When applied on the link parser, the result is as shown in Figure 3.25.
Figure 3.25 . An analysis with the F connection for the word “ and ”
However, this can lead to a connection: brother — sister . Although the linking grammar allows for cycles, this association does not represent the actual relationship in the sentence.
To remove this association,  adds some information for the large connection and corrects the matching condition of the connections. Each connection is appended with a priority of 0, 1, and 2. Normal connections (not a large connection) have a priority of 0. A large connection on a word has a priority of 1, and large connections on the words “ and ” have precedence of 2. In order for two connections to match, they must first match according to normal criteria, and their precedence must be compatible: 0 compatible with 0; 1 compatible with 2; 2 is compatible with 1. No precedence is compatible anymore.
The applied thesis method has effectively solved a number of cases with the word “ and ” in practice. However, there are some phenomena with the words “ and ” and are treated according to .
The most common case is a list with more than two elements, where the elements in the list “ and ” are separated by commas. For example " grandpa, grandma, father and mother ". Then, the comma will have the form of selection (( G2 ) ( G1 , G2 )). Here, the subscript represents the priority of the connection.
Figure 3.26 . Connect G joins multiple commas and the words “ and ”
In the example in Figure 3.26, the second comma used that form to connect to the first comma via the G connection (priority 2, because the G connection of the first comma already has precedence 1), then then the G connection with priority 1 is used to connect the second comma with the word “ dad ”, and the connection G with priority 2 is used to connect the second comma with the word “ and ” (Connect G with Priority 1 was used to connect the words “ and ” with the word “ mother ”).
The parsing problem is the crucial problem to be solved when building a new syntactic model.
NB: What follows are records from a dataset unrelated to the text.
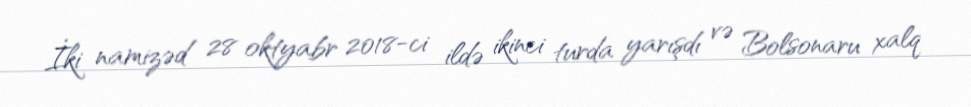
İki namizəd 28 oktyabr 2018-ci ildə ikinci turda yarışdı və Bolsonaru xalq
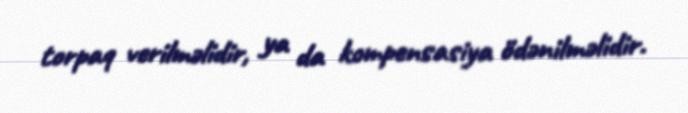
torpaq verilməlidir, ya da kompensasiya ödənilməlidir.
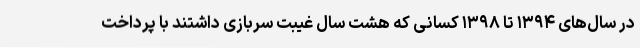
در سال‌های ۱۳۹۴ تا ۱۳۹۸ کسانی که هشت سال غیبت سربازی داشتند با پرداخت
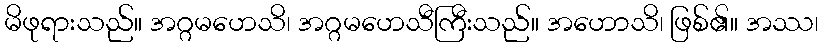
မိဖုရားသည်။ အဂ္ဂမဟေသိ၊ အဂ္ဂမဟေသီကြီးသည်။ အဟောသိ၊ ဖြစ်၏။ အဿ၊
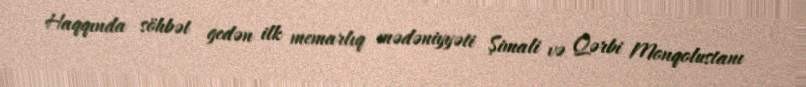
Haqqında söhbət gedən ilk memarlıq mədəniyyəti Şimali və Qərbi Monqolustanı
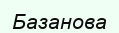
Базанова
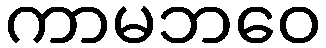
ကာမဘဝေ
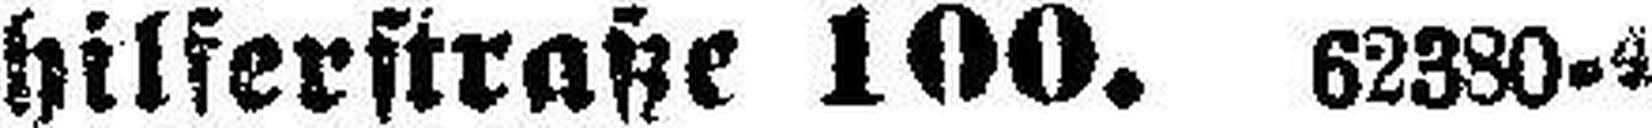
hilferstraße 100. 62380-4
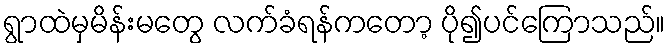
ရွာထဲမှမိန်းမတွေ လက်ခံရန်ကတော့ ပို၍ပင်ကြောသည်။
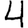
Digit: 4
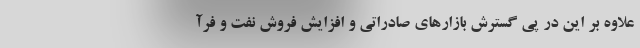
علاوه بر این در پی گسترش بازارهای صادراتی و افزایش فروش نفت و فرآ
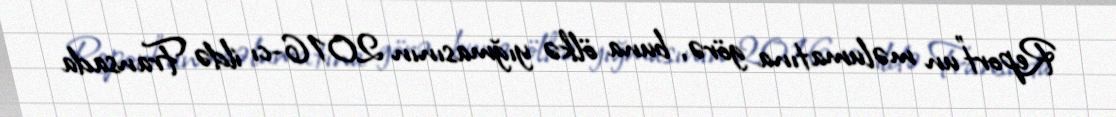
Report"un məlumatına görə, buna ölkə yığmasının 2016-cı ildə Fransada
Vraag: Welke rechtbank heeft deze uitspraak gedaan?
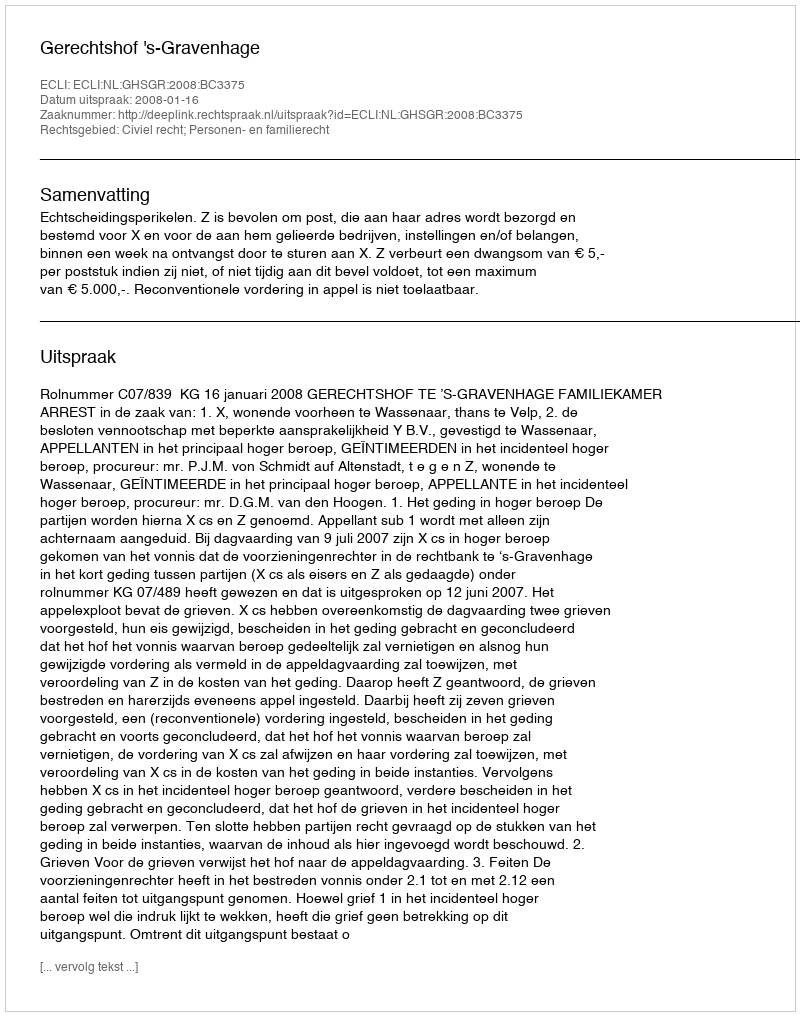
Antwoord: Gerechtshof 's-Gravenhage
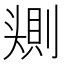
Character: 𰋰
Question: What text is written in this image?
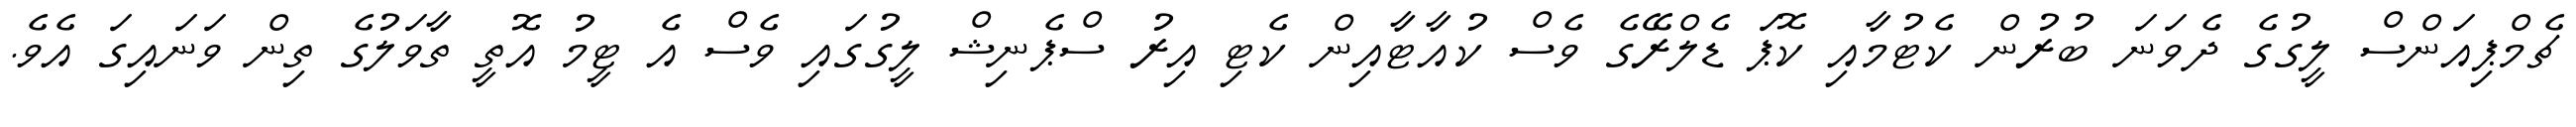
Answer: ޗެމްޕިއަންސް ލީގުގެ ދެވަނަ ބުރުން ކެޓުމާއި ކޮޕަ ޑެލްރޭގެ ވެސް ކުއާޓާއިން ކެޓި އިރު ސްޕެނިޝް ލީގުގައި ވެސް އެ ޓީމު އޮތީ ތާވަލުގެ ތިން ވަނައިގަ އެވެ.
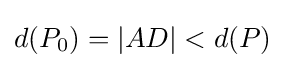
d(P_{0})=|AD|<d(P)
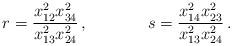
LaTeX: \begin{align*}r = \frac{x_{12}^{2}x_{34}^{2}}{x_{13}^{2}x_{24}^{2}}\, , \hspace{1.5cm} s = \frac{x_{14}^{2}x_{23}^{2}}{x_{13}^{2}x_{24}^{2}}\, .\end{align*}
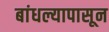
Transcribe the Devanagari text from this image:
बांधल्यापासून
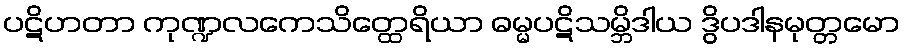
ပဋိဟတာ ကုဏ္ဍလကေသိတ္ထေရိယာ ဓမ္မပဋိသမ္ဘိဒါယ ဒွိပဒါနမုတ္တမော
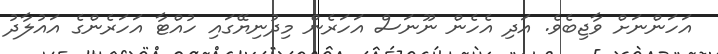
އަހަންނަށް ވާޖިބެވެ. އަދި އެހެން ނޫނަސް އަހަރެން މިދުނިޔޭގައި ހުއްޓާ އަހަރެންގެ އައުލާދު
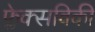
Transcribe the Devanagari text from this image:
फ्लेक्सविकी
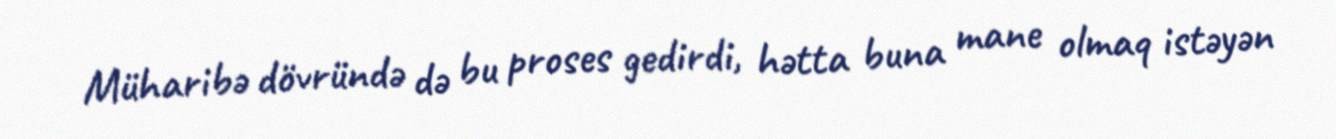
Müharibə dövründə də bu proses gedirdi, hətta buna mane olmaq istəyən
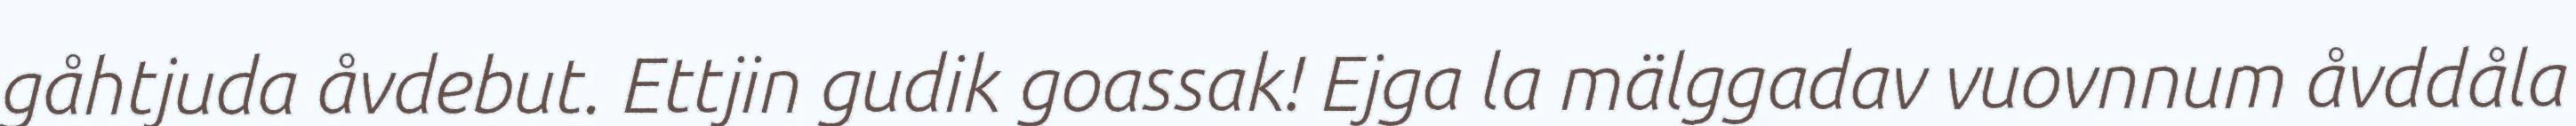
gåhtjuda åvdebut. Ettjin gudik goassak! Ejga la mälggadav vuovnnum åvddåla
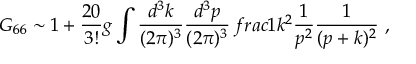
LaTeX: G _ { 6 6 } \sim 1 + \frac { 2 0 } { 3 ! } g \int \frac { d ^ { 3 } k } { ( 2 \pi ) ^ { 3 } } \frac { d ^ { 3 } p } { ( 2 \pi ) ^ { 3 } } \, f r a c { 1 } { k ^ { 2 } } \frac { 1 } { p ^ { 2 } } \frac { 1 } { ( p + k ) ^ { 2 } } ~ ,
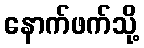
နောက်ဖက်သို့
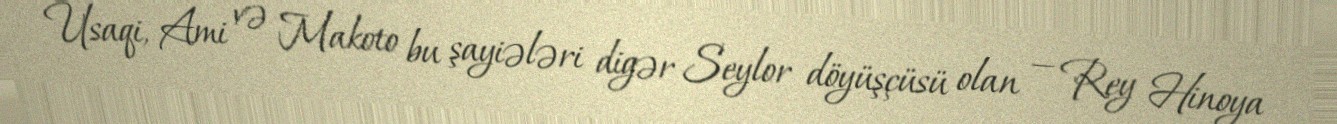
Usaqi, Ami və Makoto bu şayiələri digər Seylor döyüşçüsü olan — Rey Hinoya
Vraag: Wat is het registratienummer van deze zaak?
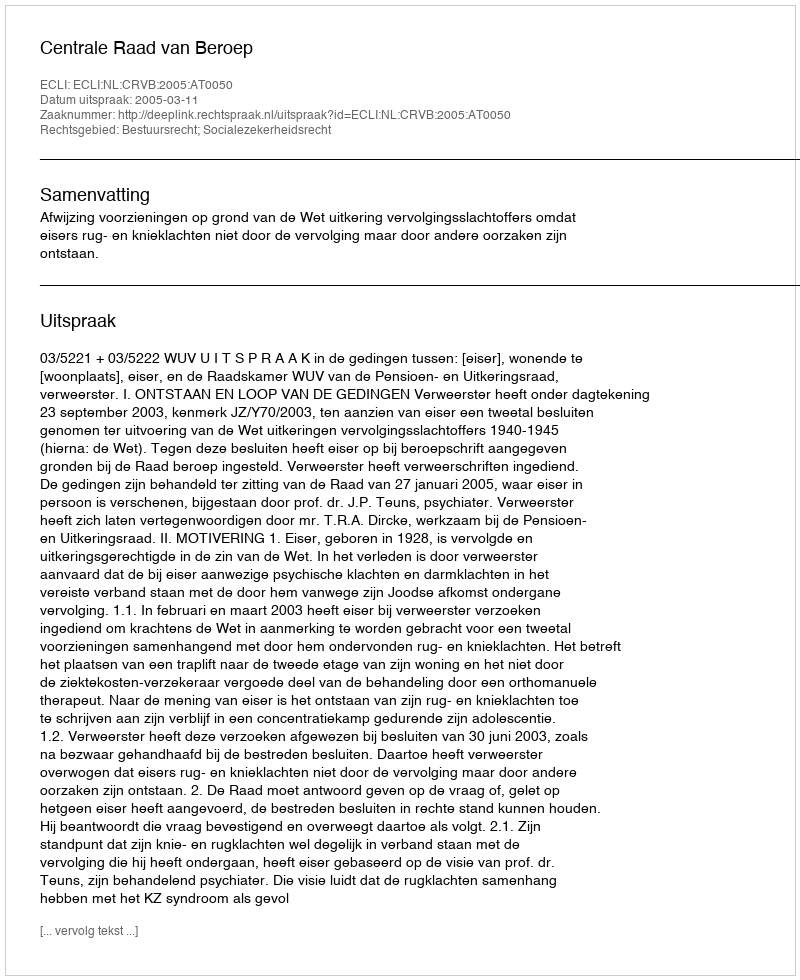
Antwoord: http://deeplink.rechtspraak.nl/uitspraak?id=ECLI:NL:CRVB:2005:AT0050
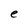
Character: e
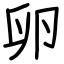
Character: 卵
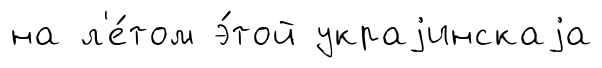
на л'е́том э́той украjинскаjа
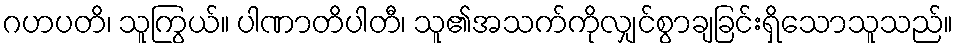
ဂဟပတိ၊ သူကြွယ်။ ပါဏာတိပါတီ၊ သူ၏အသက်ကိုလျှင်စွာချခြင်းရှိသောသူသည်။
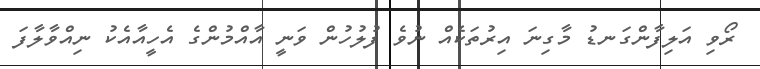
ރޯވި އަލިފާންގަނޑު މާގިނަ އިރުތަކެއް ނުވެ ފުލުހުން ވަނީ އާއްމުންގެ އެހީއާއެކު ނިއްވާލާފަ
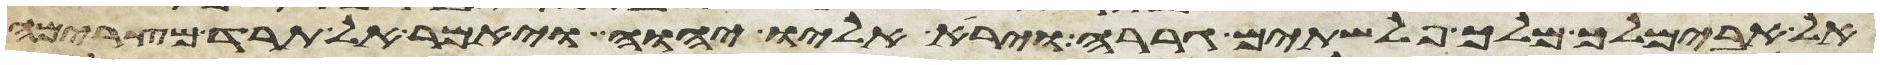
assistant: אל אבימלך מלך פלשתים גררה וירא אליו יהוה ויאמר אל תרד מצרימה
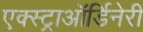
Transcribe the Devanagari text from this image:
एक्स्ट्राऑर्डिनेरी
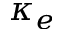
\kappa _ { e }
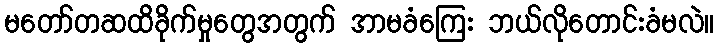
မတော်တဆထိခိုက်မှုတွေအတွက် အာမခံကြေး ဘယ်လိုတောင်းခံမလဲ။
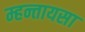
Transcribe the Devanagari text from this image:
म्हन्तायसा
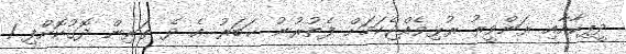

With the linking grammar model built for Vietnamese, the link parser of the thesis has solved the following problems:
- Parsing for single sentences.
- Parsing for compound sentences with multiple clauses.
- Completely solved the conjugate ambiguity problem.
- Testing the component de-ambiguity algorithm.
The experimental results of the parsing algorithms are acceptable. However, due to the complexity of natural language as well as time constraints, the thesis has not solved the following issues:
- Parsing sentence types where some elements have arbitrary positions. The nature of the associative grammar is the dependent type grammar, so this problem is not too difficult, although in some cases it may violate the flatness.
- Parsing for compound sentences without conjunctions. This problem also has the potential to be solved. When concluding a sentence is not syntactically correct, the parser has come up with all possible analyzes of every phrase in the sentence. Violation of analytic connectivity can be a sign of a missing conjunction. To fully solve this problem requires more in-depth study of the language as well as the large corpus.
- Parsing for complex sentences. This is also a very difficult problem with other languages and requires the use of statistical methods to find the bounds of the proposition. Hopefully, this problem will be solved in the future, when a large enough corpus is built.
Another development direction that is also of interest is the integration of semantic linkages in Vietnamese associative grammar. This is possible with the associative grammar model that allows the sentence analysis to be represented by a cyclic associative graph, but this is also a big problem, requiring a lot of time investment.